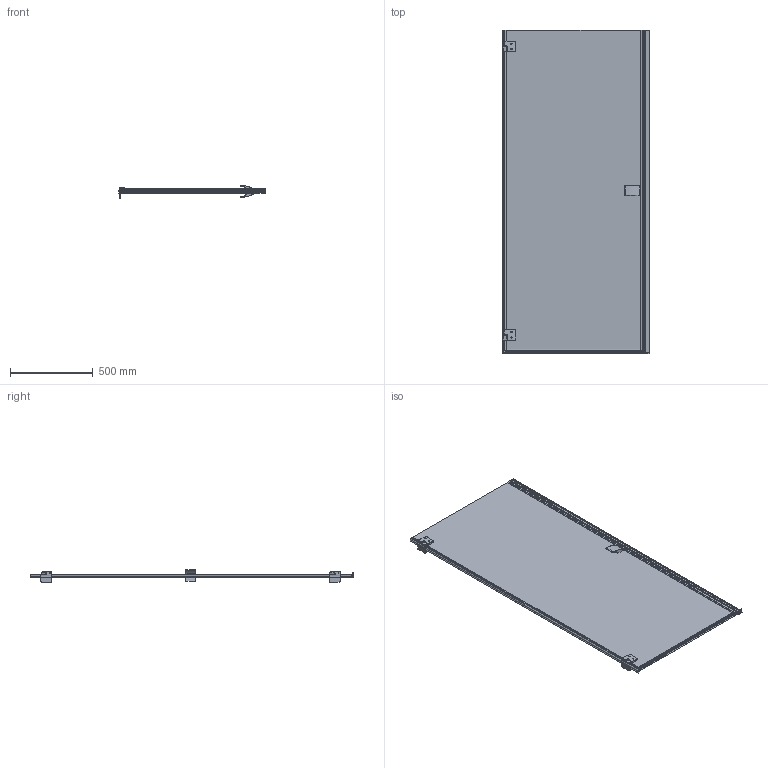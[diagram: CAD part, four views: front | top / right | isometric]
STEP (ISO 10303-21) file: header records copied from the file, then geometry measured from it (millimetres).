
FILE_DESCRIPTION((''),'2;1');
FILE_NAME('AQE90XL-880X1950_ASM','2019-04-28T',('admin'),(''),'PRO/ENGINEER BY PARAMETRIC TECHNOLOGY CORPORATION, 2010280','PRO/ENGINEER BY PARAMETRIC TECHNOLOGY CORPORATION, 2010280','');
FILE_SCHEMA(('CONFIG_CONTROL_DESIGN','SHAPE_APPEARANCE_LAYERS_GROUPS'));
Length unit declared in the file: millimetre
Products named in the file (27): AT001-828X1932; AM191; AM190_ASM; AM249; AM311; AM248-2-171207_ASM; MC364_AF0; MC223-MC364_ASM; AM190-AM248-171207_ASM; CP557-1950; NC791_11; NC792_13; NC790_ASM_12_ASM; NC790_ASM_ASM; DC668-855; AC758-1932; ID436X1950; ID438X1950; AQ102-1948; SC043-1950; ID427; ID436-AQ102_ASM; AC040-872; DC230; DC229; AQ302; AQE90XL-880X1950_ASM
Assembly tree (28 placements, depth 4):
  AQE90XL-880X1950_ASM
    AT001-828X1932
    AM190-AM248-171207_ASM  x2
      AM190_ASM
        AM191
      AM248-2-171207_ASM
        AM249
        AM311
      MC223-MC364_ASM
        MC364_AF0
    CP557-1950
    NC790_ASM_ASM
      NC790_ASM_12_ASM
        NC791_11
        NC792_13
    DC668-855
    AC758-1932
    ID436-AQ102_ASM
      ID436X1950
      ID438X1950
      AQ102-1948
      SC043-1950
      ID427
    AC040-872
    DC230
    DC229
    AQ302
Bounding box: 882.27 x 1951.5 x 77.3 mm (x, y, z)
Volume: 14520464.3 mm3; surface area: 4357174.2 mm2
Topology: 25 solids, 31 shells, 618 faces, 1519 edges, 957 vertices
Faces by surface type: cylinder 236, plane 219, torus 66, bspline 55, sphere 22, cone 18, extrusion 2
Entity records: 20604 total; most frequent: CARTESIAN_POINT 6672, DIRECTION 2497, ORIENTED_EDGE 2396, EDGE_CURVE 1213, AXIS2_PLACEMENT_3D 932, VERTEX_POINT 766, VECTOR 633, LINE 631

..........

◆ Problem to work on:
Reproduce exactly the section above that begins at the line containing "TECHNOLOGY CORPORATION, 2010280','');" and ends at the line containing "Length unit declared in the file: millimetre", leaving out all other lines.

◆ Result for this task:
FILE_NAME('AQE90XL-880X1950_ASM','2019-04-28T',('admin'),(''),'PRO/ENGINEER BY PARAMETRIC TECHNOLOGY CORPORATION, 2010280','PRO/ENGINEER BY PARAMETRIC TECHNOLOGY CORPORATION, 2010280','');
FILE_SCHEMA(('CONFIG_CONTROL_DESIGN','SHAPE_APPEARANCE_LAYERS_GROUPS'));
Length unit declared in the file: millimetre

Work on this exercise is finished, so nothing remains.